2. Determine the power delivered to the load.
3. What is the average current drawn from the DC supply?
4. Which are the dominant harmonics present in the DC source current?

from IPython.display import Image
Image(filename =r'VSI_3ph_3_fig_1.png', width=750)

# run this cell to view the circuit file.
%pycat VSI_3ph_3_orig.in

We now replace the strings such as \$Vdc, \$L, with the values of our choice by running the python script given below. It takes an existing circuit file VSI_3ph_3_orig.in and produces a new circuit file VSI_3ph_3.in, after replacing \$Vdc, \$L, etc. with values of our choice.

import gseim_calc as calc
s_Vdc = "600"
s_L = "0.01"
s_R = "10"
s_f_carrier = "2e3"
s_M = "0.8"
s_dt_min = "0.1e-6"
s_dt_nrml = "5e-6"

f_sin = 50.0
s_f_sin = ("%11.4E"%(f_sin)).strip()

T = 1/f_sin
s_2T = ("%11.4E"%(2.0*T)).strip()

l = [
  ('$Vdc', s_Vdc),
  ('$L', s_L),
  ('$R', s_R),
  ('$f_carrier', s_f_carrier),
  ('$f_sin', s_f_sin),
  ('$2T', s_2T),
  ('$M', s_M),
  ('$dt_min', s_dt_min),
  ('$dt_nrml', s_dt_nrml)
]
calc.replace_strings_1("VSI_3ph_3_orig.in", "VSI_3ph_3.in", l)
print('VSI_3ph_3.in is ready for execution')

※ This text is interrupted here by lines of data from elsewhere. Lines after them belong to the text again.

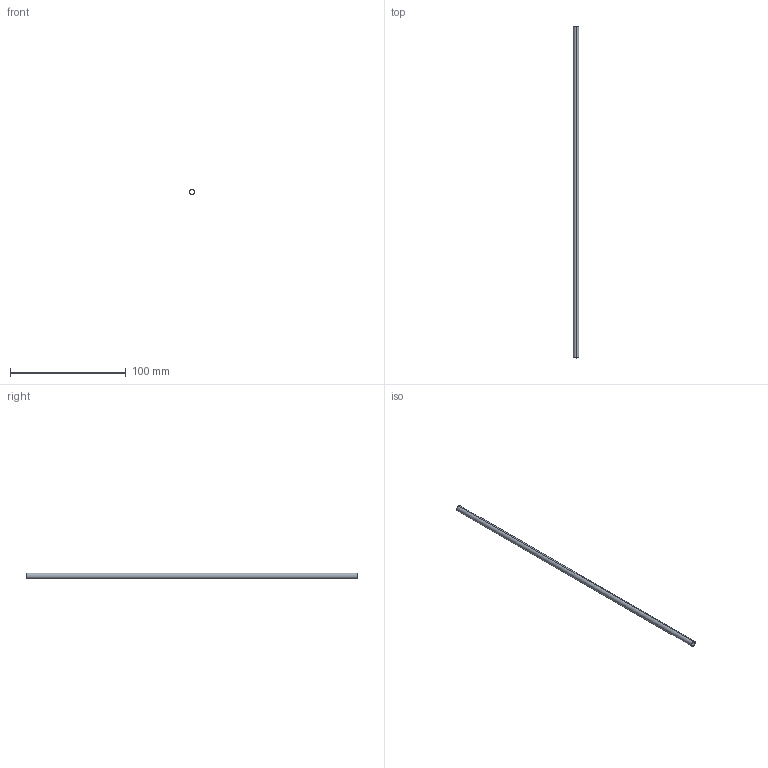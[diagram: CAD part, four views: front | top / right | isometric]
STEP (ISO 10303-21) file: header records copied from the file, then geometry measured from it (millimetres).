
FILE_DESCRIPTION (( 'STEP AP214' ), '1' );
FILE_NAME ('Carbon_Tube.STEP', '2013-11-18T21:00:12', ( '' ), ( '' ), 'SwSTEP 2.0', 'SolidWorks 2014', '' );
FILE_SCHEMA (( 'AUTOMOTIVE_DESIGN' ));
Length unit declared in the file: millimetre
Products named in the file (1): Carbon_Tube
Bounding box: 5 x 287 x 5 mm (x, y, z)
Volume: 2028.7 mm3; surface area: 8128.9 mm2
Topology: 1 solids, 1 shells, 6 faces, 12 edges, 8 vertices
Faces by surface type: cylinder 4, plane 2
Entity records: 202 total; most frequent: DIRECTION 34, CARTESIAN_POINT 27, ORIENTED_EDGE 24, AXIS2_PLACEMENT_3D 15, EDGE_CURVE 12, VERTEX_POINT 8, EDGE_LOOP 8, CIRCLE 8

VSI_3ph_3.in is ready for execution

Execute the following cell to run GSEIM on VSI_3ph_3.in.

import os
import dos_unix
# uncomment for windows:
#dos_unix.d2u("VSI_3ph_3.in")
os.system('run_gseim VSI_3ph_3.in')

get_lib_elements: filename gseim_aux/xbe.aux
get_lib_elements: filename gseim_aux/ebe.aux
Circuit: filename = VSI_3ph_3.in
main: i_solve = 0
main: calling solve_trns
Transient simulation starts...
i=0
i=1000
i=2000
i=3000
i=4000
i=5000
i=6000
i=7000
i=8000
GSEIM: Program completed.

0

The circuit file (VSI_3ph_3.in) is created in the same directory as that used for launching Jupyter notebook. The last step (i.e., running GSEIM on VSI_3ph_3.in) creates data files called VSI_3ph_3_1.dat, etc. in the same directory. We can now use the python code below to compute/plot the various quantities of interest.

import numpy as np
import matplotlib.pyplot as plt 
import gseim_calc as calc
from setsize import set_size

slv = calc.slv("VSI_3ph_3.in")

i_slv = 0
i_out = 0
filename = slv.l_filename_all[i_slv][i_out]
print('filename:', filename)
u1 = np.loadtxt(filename)
t1 = u1[:, 0]

col_sa = slv.get_index(i_slv,i_out,"sa")
col_sb = slv.get_index(i_slv,i_out,"sb")
col_sc = slv.get_index(i_slv,i_out,"sc")
col_t  = slv.get_index(i_slv,i_out,"t" )
col_g1 = slv.get_index(i_slv,i_out,"g1")
col_g2 = slv.get_index(i_slv,i_out,"g2")
col_g3 = slv.get_index(i_slv,i_out,"g3")
col_g4 = slv.get_index(i_slv,i_out,"g4")
col_g5 = slv.get_index(i_slv,i_out,"g5")
col_g6 = slv.get_index(i_slv,i_out,"g6")

# since we have stored two cycles, we need to divide the last time point
# by 2 to get the period:

T = t1[-1]/2

i_out = 1
filename = slv.l_filename_all[i_slv][i_out]
print('filename:', filename)
u2 = np.loadtxt(filename)
t2 = u2[:, 0]

col_v_ab = slv.get_index(i_slv,i_out,"v_ab")
col_v_bc = slv.get_index(i_slv,i_out,"v_bc")
col_v_ca = slv.get_index(i_slv,i_out,"v_ca")
col_v_an = slv.get_index(i_slv,i_out,"v_an")
col_v_bn = slv.get_index(i_slv,i_out,"v_bn")
col_v_cn = slv.get_index(i_slv,i_out,"v_cn")

i_out = 2
filename = slv.l_filename_all[i_slv][i_out]
print('filename:', filename)
u3 = np.loadtxt(filename)
t3 = u3[:, 0]

col_IRa  = slv.get_index(i_slv,i_out,"IRa")
col_IRb  = slv.get_index(i_slv,i_out,"IRb")
col_IRc  = slv.get_index(i_slv,i_out,"IRc")
col_IS   = slv.get_index(i_slv,i_out,"IS")
col_P_Ra = slv.get_index(i_slv,i_out,"P_Ra")
col_P_Rb = slv.get_index(i_slv,i_out,"P_Rb")
col_P_Rc = slv.get_index(i_slv,i_out,"P_Rc")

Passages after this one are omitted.